Yeah, you use it that way. You also have to remember when you’re using these tools it’s an iterative process, so you shouldn’t expect anything usable on that first output. Oftentimes that’s just a benchmark. You can then say, ‘I want you to be 10 times more creative’ than that. Sometimes, when we want an original idea, we say ‘I want you to pretend like this idea is going to get you in a lot of trouble’, and sometimes you’ll get some interesting responses.
Do you think AI creations can be considered art?
Yeah.
Strong answer.
But I think there’s a line in the sand at which point you become over reliant on a tool, and it’s doing the creative for you, and you’re just a parasite, for lack of a better word. You’re still an artist if you’re using the tool to help guide a vision. And we know how tools like Midjourney work. They’re trained — without consent — on other artists’ work.
So if AI is creating a piece of art, that’s with the caveat that it was influenced by real human artists.
You spent a lot of time looking at non-fungible tokens [NFTs] and other Web3 applications. How do you feel about those technologies now that they seem to have fallen off the industry radar?

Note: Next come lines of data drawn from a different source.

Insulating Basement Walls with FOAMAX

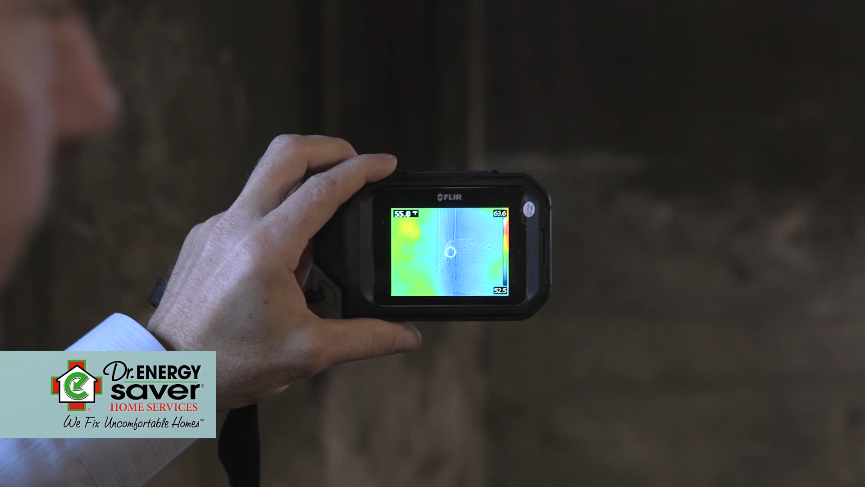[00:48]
On screen: spot 55.0°F
A thermal image of this basement wall shows that it's 54 degrees.
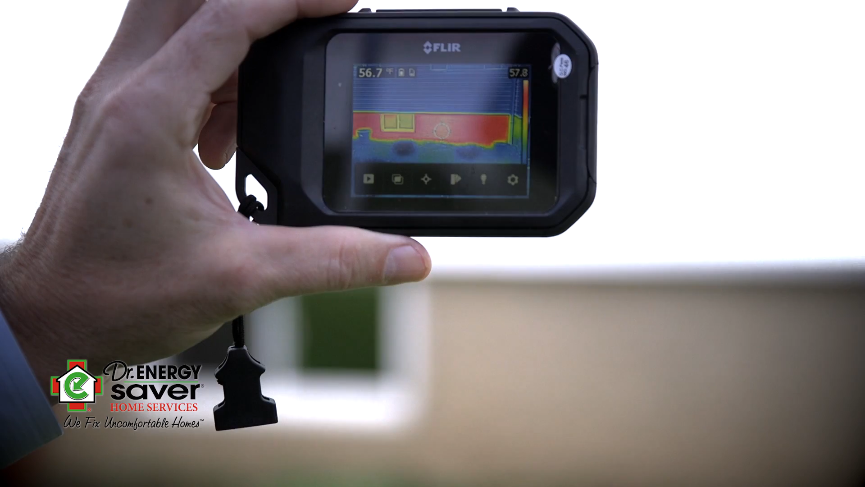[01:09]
we see that the foundation is really warm compared to everything else, and that's all the heat that is escaping through the uninsulated concrete walls.
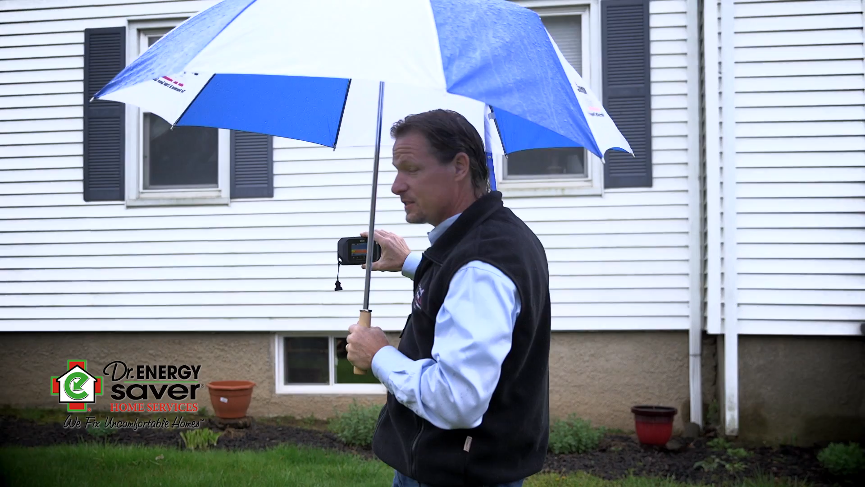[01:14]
Your home either has a furnace and ducts or a boiler.
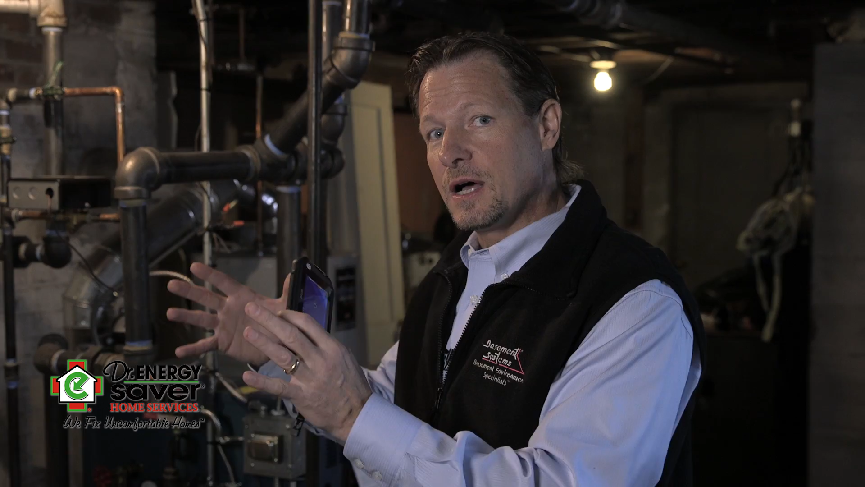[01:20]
This home has a boiler, and if we take a look at it with a thermal imaging camera,
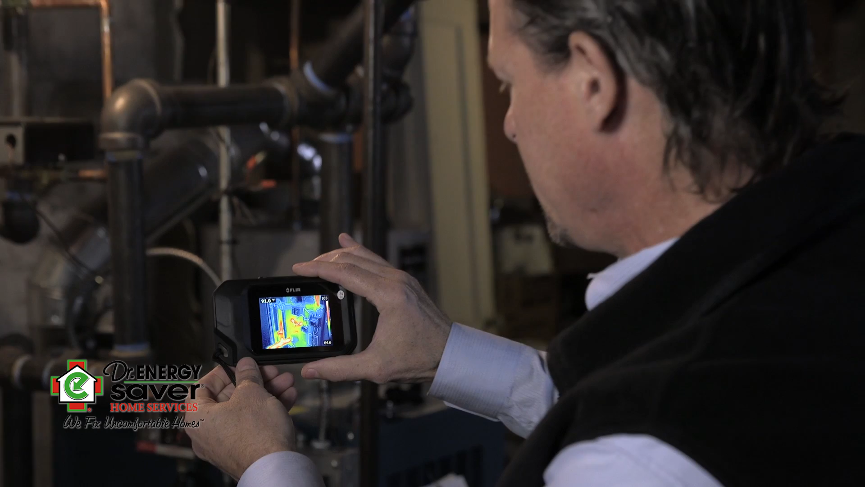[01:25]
we can see that parts of this boiler are 175 degrees,
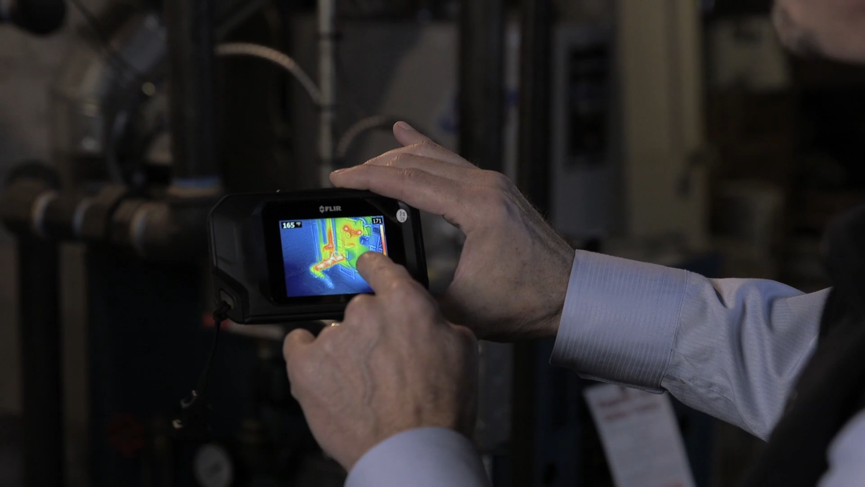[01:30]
and the piping that goes through the house is very warm,
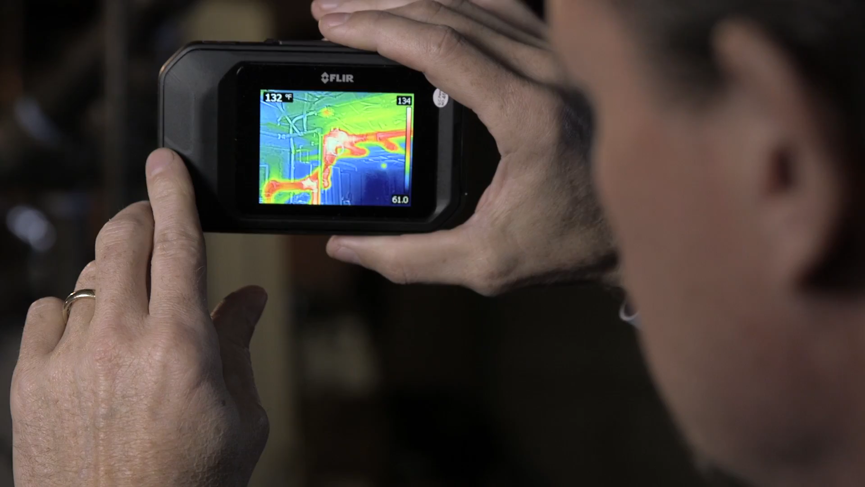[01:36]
and normally, this heat would rise and warm the floors,
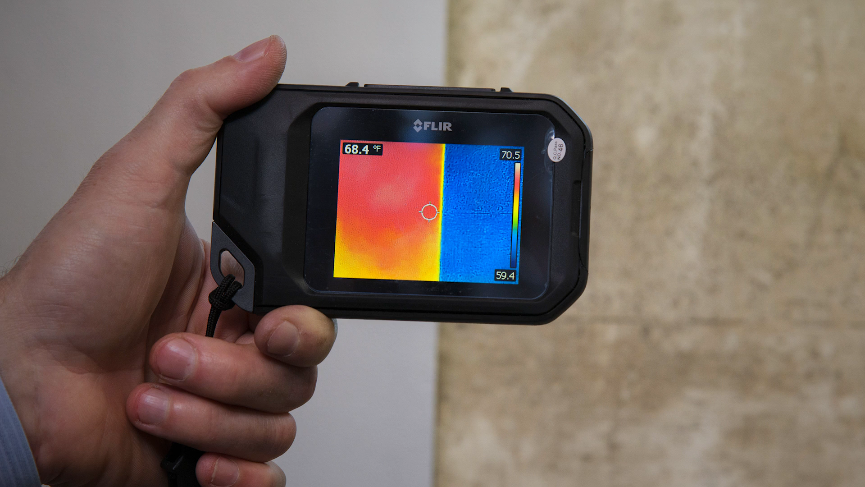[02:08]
As you can see, the Fomax makes a big difference already between what is insulated and the bare concrete walls.
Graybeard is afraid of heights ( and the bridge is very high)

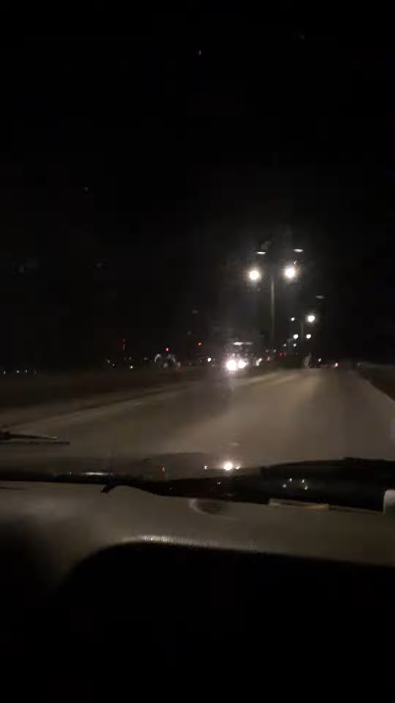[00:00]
Graybeard's crossing the border. Keep left onto US 53 north toward I-35 south. Oh, and it curves. That's wonderful. Oh my god. Oh god, we're not even on it yet.

I think there’s a common misunderstanding of what Web3 is. The way I define Web3 is digital experiences that are rooted in the blockchain to help give individual ownership of data and assets, while allowing you to navigate the web anonymously and privately.
And then the second bubble in the Web3 Venn diagram is using AR, VR and XR to create three-dimensional spaces, where you actually enter a website.
The third bubble is AI, which allows us to generate the content to fill those worlds. So I think AI is part of Web3.
Are there any other technologies that are interesting to brands right now?
It depends on the brand and the sector that they’re in, but I think AI is where everyone’s attention is right now.